In fact, this separate system could collect a majority of all the spewing oil even without the cap, according to one estimate. Retired Coast Guard Adm. Thad Allen, who is overseeing the response effort, on June 18 said he thought the flow rate from the well was in the neighborhood of 35,000 barrels a day.

The ultimate solution – shutting off the flow of oil entirely by drilling a relief well – is currently slated for completion some time in August.

Introducing ... the Helix Producer

The new system set to come on line Sunday works independent of any cap because it involves a valve on the side of the blowout preventer called the “kill line.” A ship called the Helix Producer, which can process about 25,000 barrels a day, will connect to the kill line. BP is already using the kill line’s twin, the “choke line,” to siphon about 9,000 barrels of oil a day to a ship called the Q4000.

Even with the cap off, the Q4000 is collecting an average of 8,000 barrels of oil daily, said Kent Wells, BP’s senior vice president of exploration and production, on Saturday.

So when the Helix is operating at full capacity – which could take a few days – it and the Q4000 could bring collection capacity to nearly 35,000 barrels a day irrespective of the cap. With the old cap on, BP had been capturing roughly 26,000 barrels a day and interruptions of a day or more were common. A lightning strike and an accident with a robot both resulted in the collection of significantly less oil for a time.

Scientists have suggested that between 35,000 and 60,000 barrels of oil could be gushing from the wellhead daily.

Building a better cap

The ramping up of the Helix comes as BP is also trying to bolt a new and better fitting cap to the top of the blowout preventer.

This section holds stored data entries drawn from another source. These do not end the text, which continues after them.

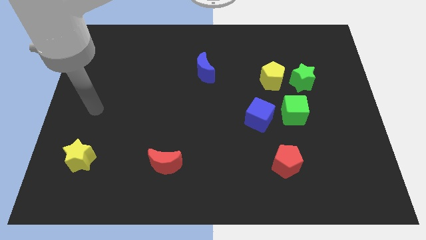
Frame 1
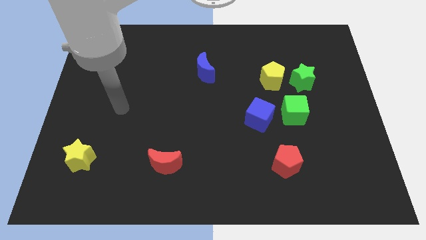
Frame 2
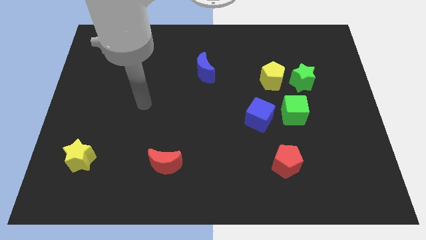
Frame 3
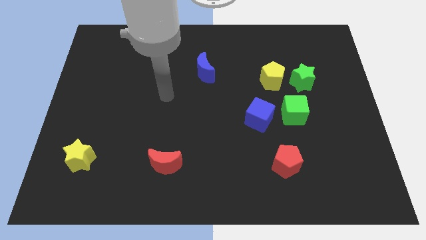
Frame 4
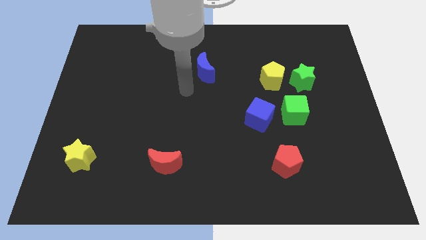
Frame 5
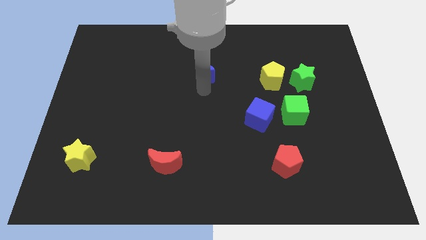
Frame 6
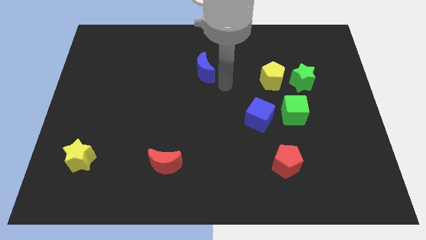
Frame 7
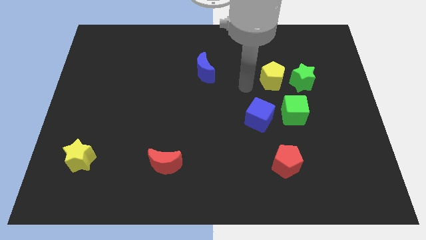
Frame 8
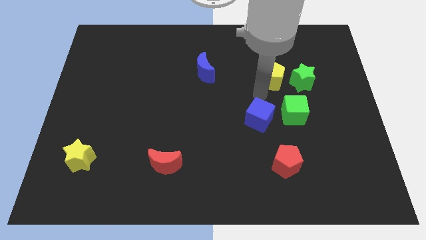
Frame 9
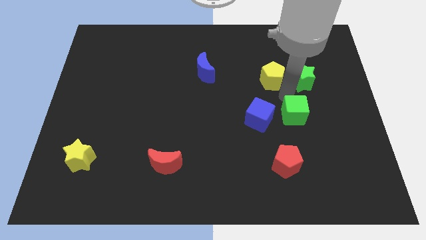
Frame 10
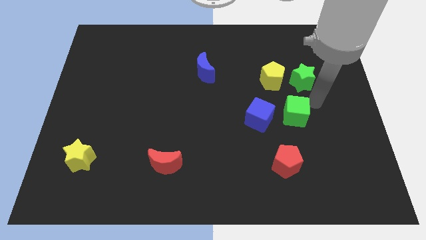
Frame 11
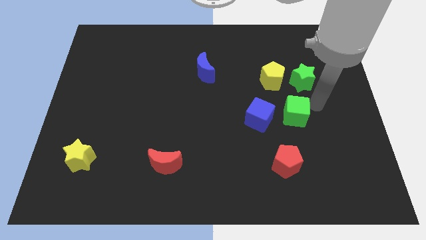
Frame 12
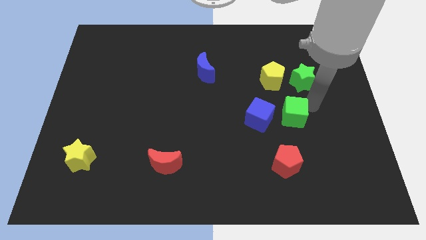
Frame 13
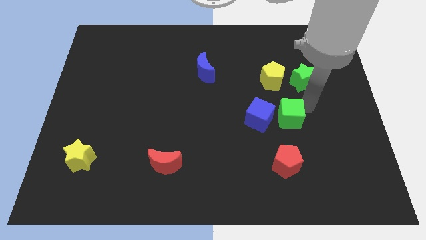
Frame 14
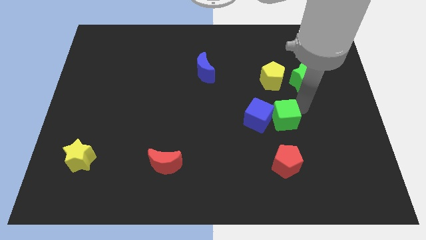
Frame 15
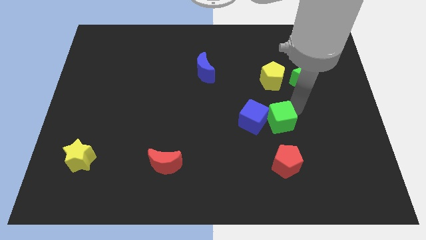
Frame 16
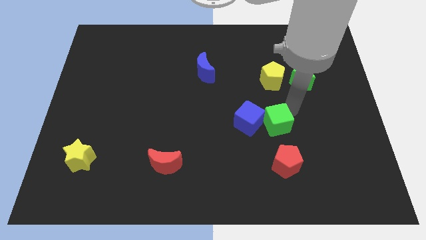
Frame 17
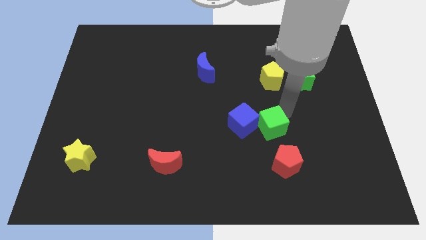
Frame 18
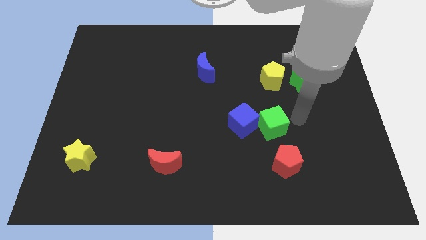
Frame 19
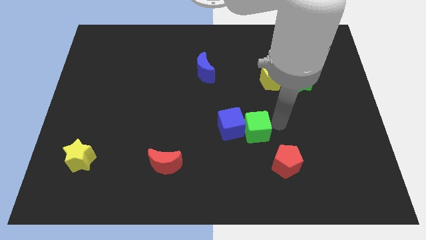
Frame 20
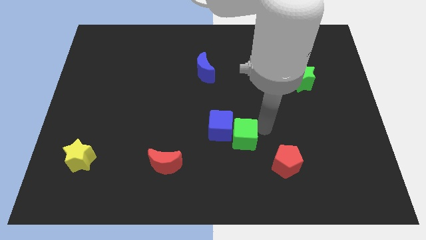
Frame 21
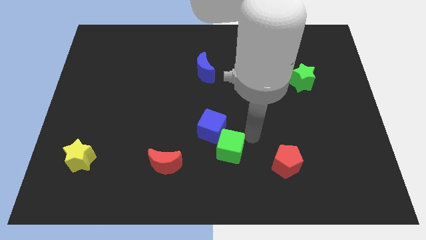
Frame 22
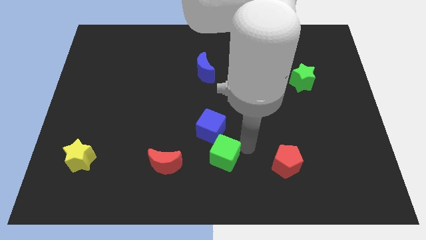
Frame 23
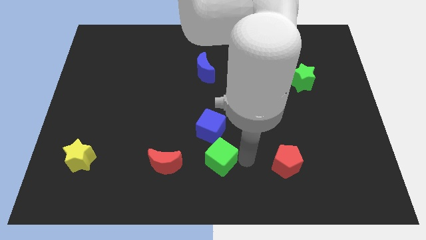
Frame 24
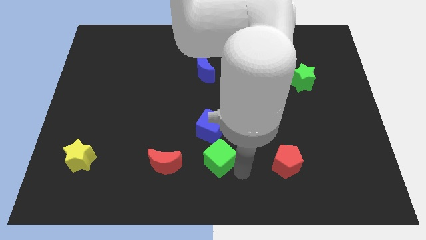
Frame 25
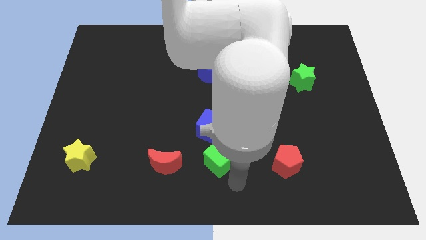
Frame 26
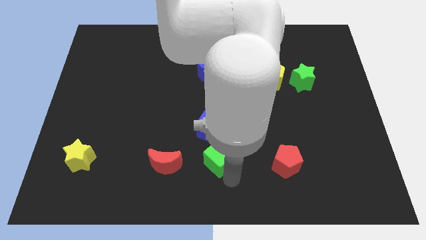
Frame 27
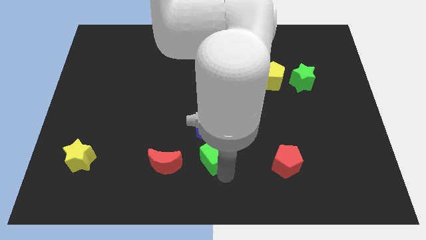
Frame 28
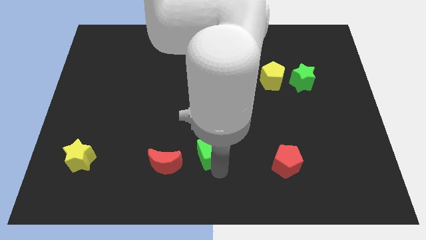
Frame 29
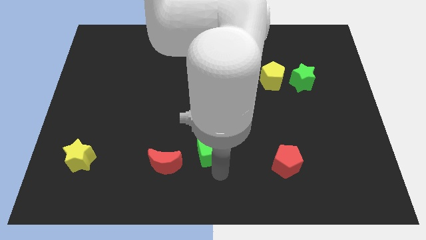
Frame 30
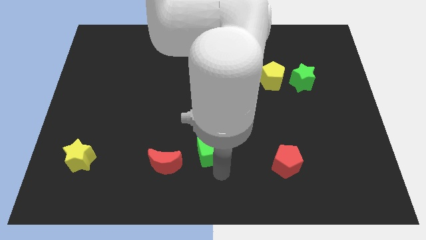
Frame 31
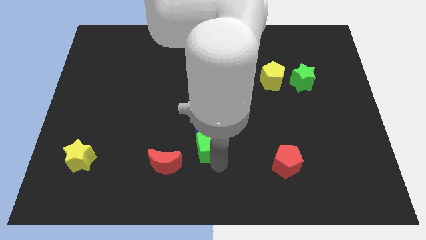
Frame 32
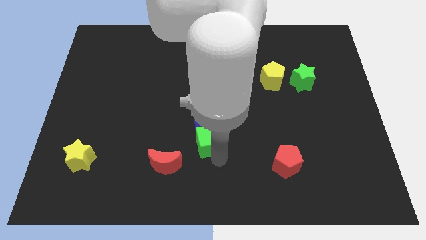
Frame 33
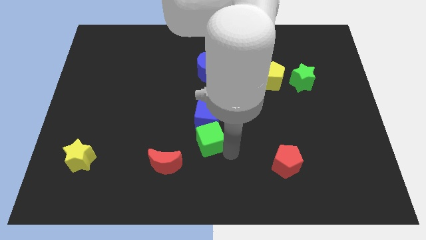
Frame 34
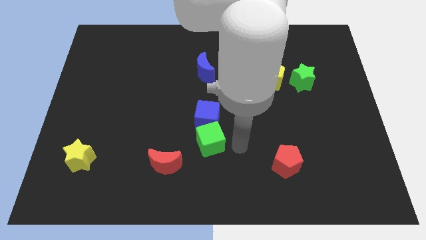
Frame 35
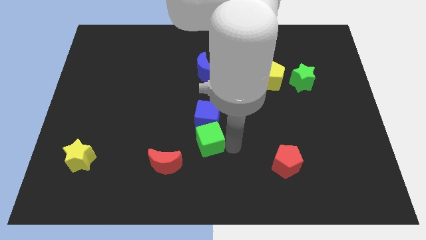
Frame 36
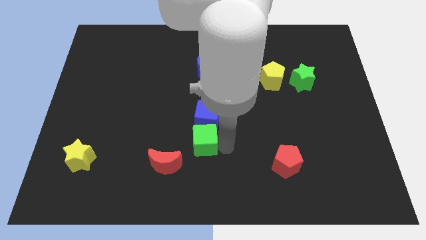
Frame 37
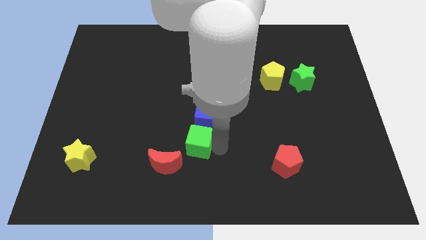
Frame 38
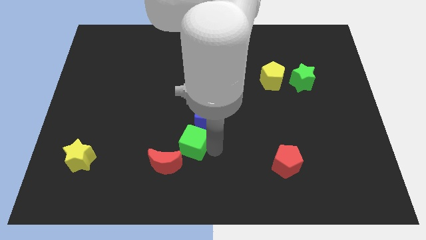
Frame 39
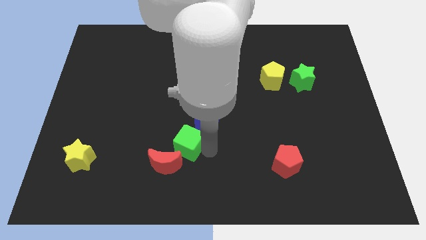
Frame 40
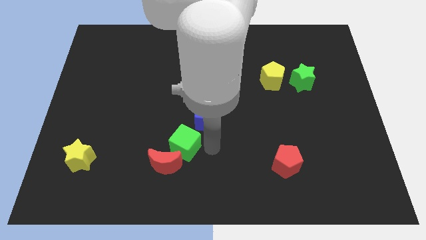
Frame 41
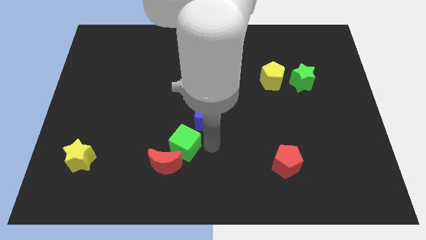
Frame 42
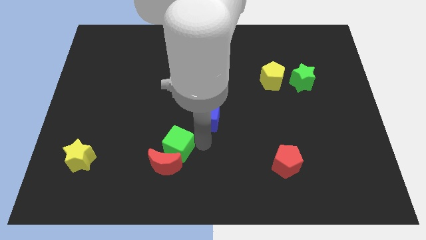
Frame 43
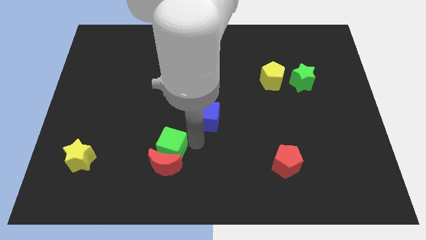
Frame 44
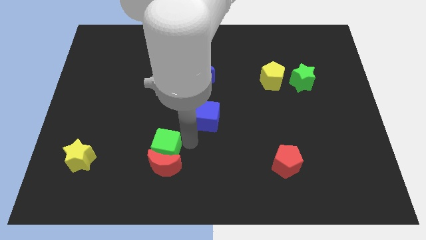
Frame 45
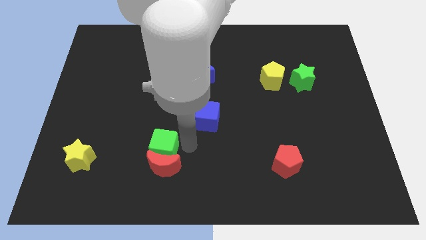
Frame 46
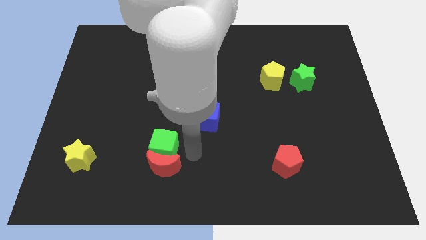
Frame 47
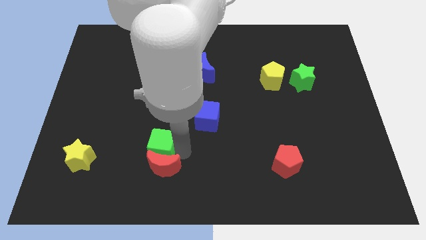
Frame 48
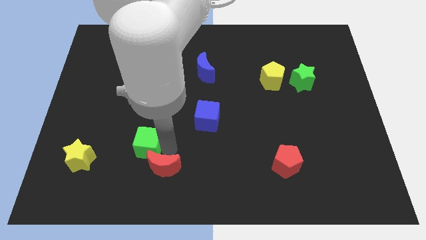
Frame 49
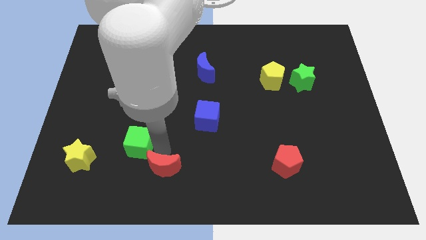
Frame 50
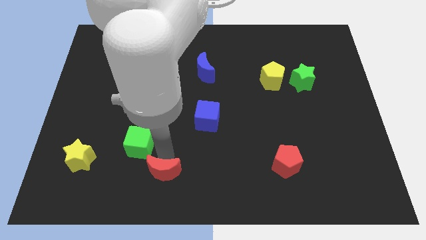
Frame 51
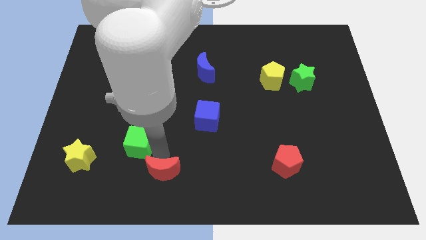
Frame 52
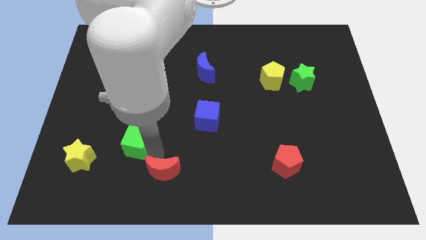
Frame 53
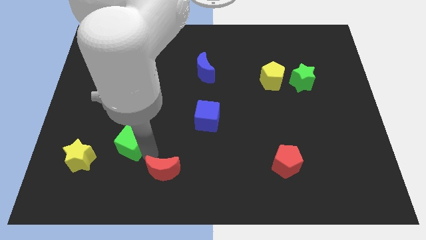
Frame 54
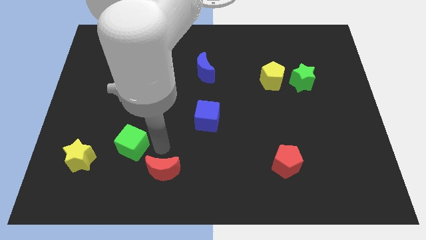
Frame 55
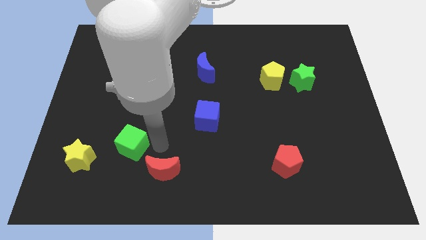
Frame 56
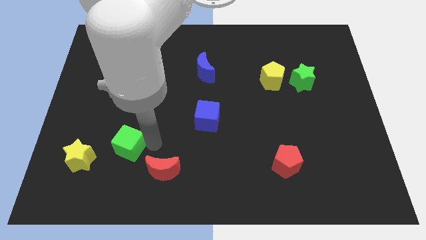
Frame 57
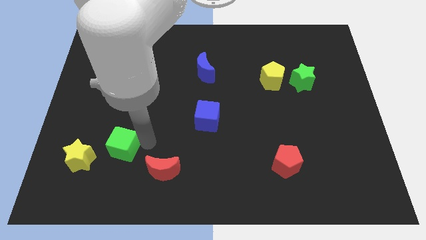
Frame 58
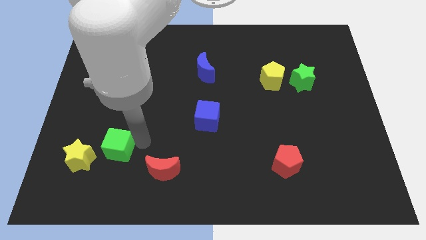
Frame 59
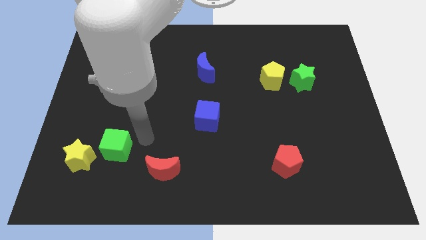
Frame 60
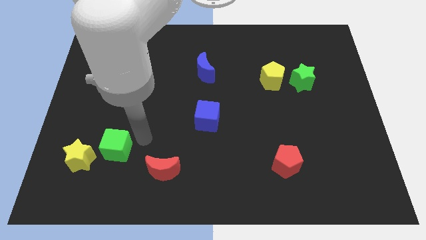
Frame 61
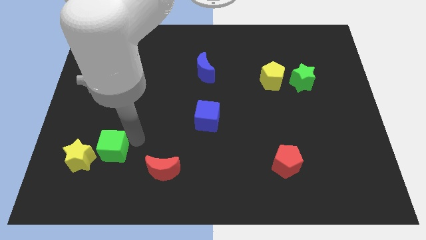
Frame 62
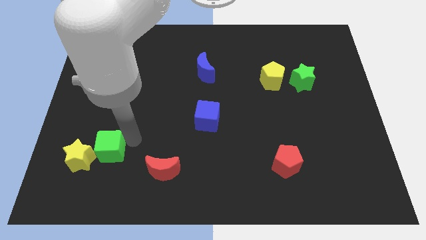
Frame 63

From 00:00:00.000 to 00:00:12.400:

The old cap, which was removed Saturday, was fitted atop the sawed-off stump of the riser pipe. Using remotely controlled robots, engineers will try to unbolt from the blowout preventer that stump of the riser pipe and in its place affix the new cap assembly, which weighs 100 tons and is 30 feet tall.

[Editor's note: The original misstated the height of the new assembly.]

BP officials were hopeful that the cap could be in place as soon as Monday. If it works, the cap – along with the Helix and Q4000 – is expected to collect virtually all the oil leaking from the well, though trickles could still escape if the seal is not perfect.

With all these efforts set to succeed or fail in the next few days, this week is shaping up to be one of the most important since the Deepwater Horizon exploded and sank in late April. That’s partly because hurricane Alex is forcing BP’s hand.

Hurricane Alex's impact

BP and the Coast Guard had wanted to space out these operations, bringing the Helix on line a week ago and then assessing the situation. It is possible that the Helix, Q4000, and old cap might have collected all the oil, making the new cap unnecessary.

But high waves from hurricane Alex delayed the deployment of the Helix and also showed how vulnerable to hurricanes the current collection system is. Even though the hurricane never approached the spill site, BP almost had to abandon its oil collection.

The pipes attached to the old cap were ill suited to weather storms. The new cap will include two flexible riser pipes, which will make it easier for ships to connect to them before and after a hurricane passes. Moreover, the new cap will have more oil-collection capacity.

With a week or more of clear weather forecast, BP and the Coast Guard are scrambling to try to get as many parts of new system as possible ready before another storm hits.